We can also look at the distribution of the data within each group to see if there are any patterns or trends. For example, we can see that Group M has a cluster of values in the 20s and 30s, while Group N has a more even distribution of values throughout the range. This suggests that Group M has a higher proportion of animals that are relatively similar in weight, while Group N has a more diverse range of weights.
Overall, the stem plots show that Group N has a wider range of weights compared to Group M, with a more diverse distribution of weights within the group!
Records are kept by each state in the United States on the number of pupils enrolled in public schools and the number of teachers employed by public schools for each school year. From these records, the ratio of the number of pupils to the number of teachers (P-T ratio) can be calculated for each state. The histograms below show the P-T ratio for every state during the 2001–2002 school year. The histogram on the left displays the ratios for the 24 states that are west of the Mississippi River, and the histogram on the right displays the ratios for the 26 states that are east of the Mississippi River. 🏫
b. Write a few sentences comparing the distributions of P-T ratios for states in the two groups (west and east) during the 2001–2002 school year.
Here, you apply the three things about the distribution: shape, center and spread one by one. Always start with shape first. The shapes of the two histograms look different. The histogram for West is unimodal and skewed to the right, whereas the histogram East is unimodal and nearly symmetric.
For the center we already found in part (a), that the medians of the two distributions are about the same, between 15 and 16 for both distributions.
Aaaaand finally, report the spread! Look at how the values are scattered or concentrated next to its center on the distributions. The histograms show that West values vary more than in East. Although the data are grouped but we still can approximate the range. The range for the west is at most 22 – 12 = 10, and the range for the east is at most 19 – 12 = 7. The east has less variability compared to the West.
c. Using your answers in parts (a) and (b), explain how you think the mean P-T ratio during the 2001–2002 school year will compare for the two groups (west and east).
The two histograms have different shapes. Since West is skewed to the right, the mean will be higher and greater than the median. The highest number on the right tail will affect the mean number. For East, since it is fairly symmetric, the mean will be close to the median. To compare the two groups, we can conclude that the mean for the west group will probably be greater than the mean for the east group.
A team of psychologists studied the concept of visualization in basketball, where players visualize making a basket before shooting the ball. They conducted an experiment in which 20 basketball players with similar abilities were randomly assigned to two groups. The 10 players in group 1 received visualization training, and the 10 players in group 2 did not. 🏀
Each player stood 22 feet from the basket at the same location on the basketball court. Each player was then instructed to attempt to make the basket until two consecutive baskets were made.

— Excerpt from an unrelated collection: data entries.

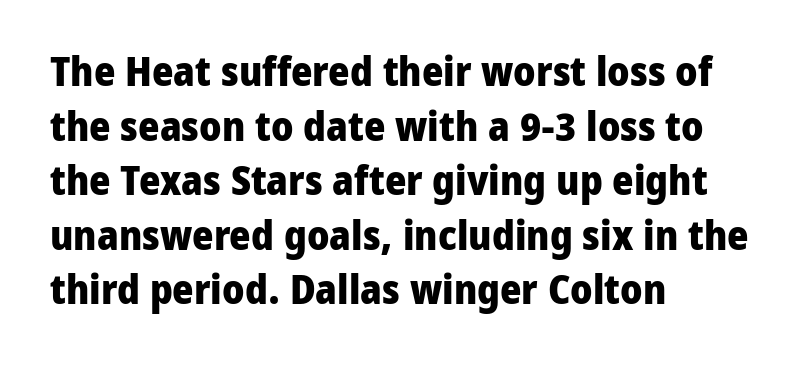
The image shows 41 px heavy sans-serif type, upright; set left-aligned, normal line spacing (1.33x), normal letter spacing, not underlined; low stroke contrast and a medium x-height.
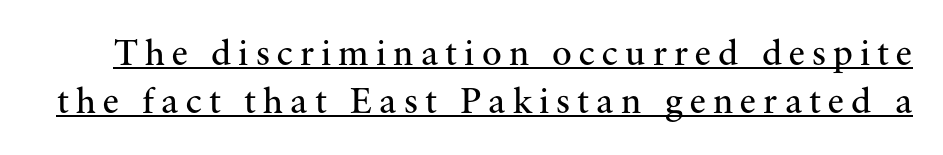
Q: Is the text bold? A: No.
Q: Is the text italic (slanted)? A: No, it is upright.
Q: Is the typeface a serif or a sans-serif typeface? A: Serif.
Q: Is the text underlined? A: Yes.
Q: Is the spacing between lines tight, normal or loose? A: Normal.
Q: Width (condensed, normal, or wide)? A: Normal.
Q: Stroke contrast? A: Medium.
Q: x-height? A: Small.
Q: Monospaced? A: No.

The players who received visualization training were instructed to use visualization techniques before attempting to make the basket. The total number of attempts, including the last two attempts, were recorded for each player.
The total number of attempts for each of the 20 players are summarized in the following box plots.
We learn from the question that group 1 received visualization training but group 2. There are a few things here we can compare to find the answer to the question. We can see both groups have the same minimum attempts, and all other measures are different.
25% of the time the group 1 made the basket in 3 trials but group 2 in 4 trials.
Now, look at the median. The median is much lower for group 1 than for group 2. Group 1 has an outlier, which is still less than the maximum of group 2. We can see that the training had an impact on group 1, as all the 5 summary measures are less than from group 2; however, we are not asked to generalize this finding yet.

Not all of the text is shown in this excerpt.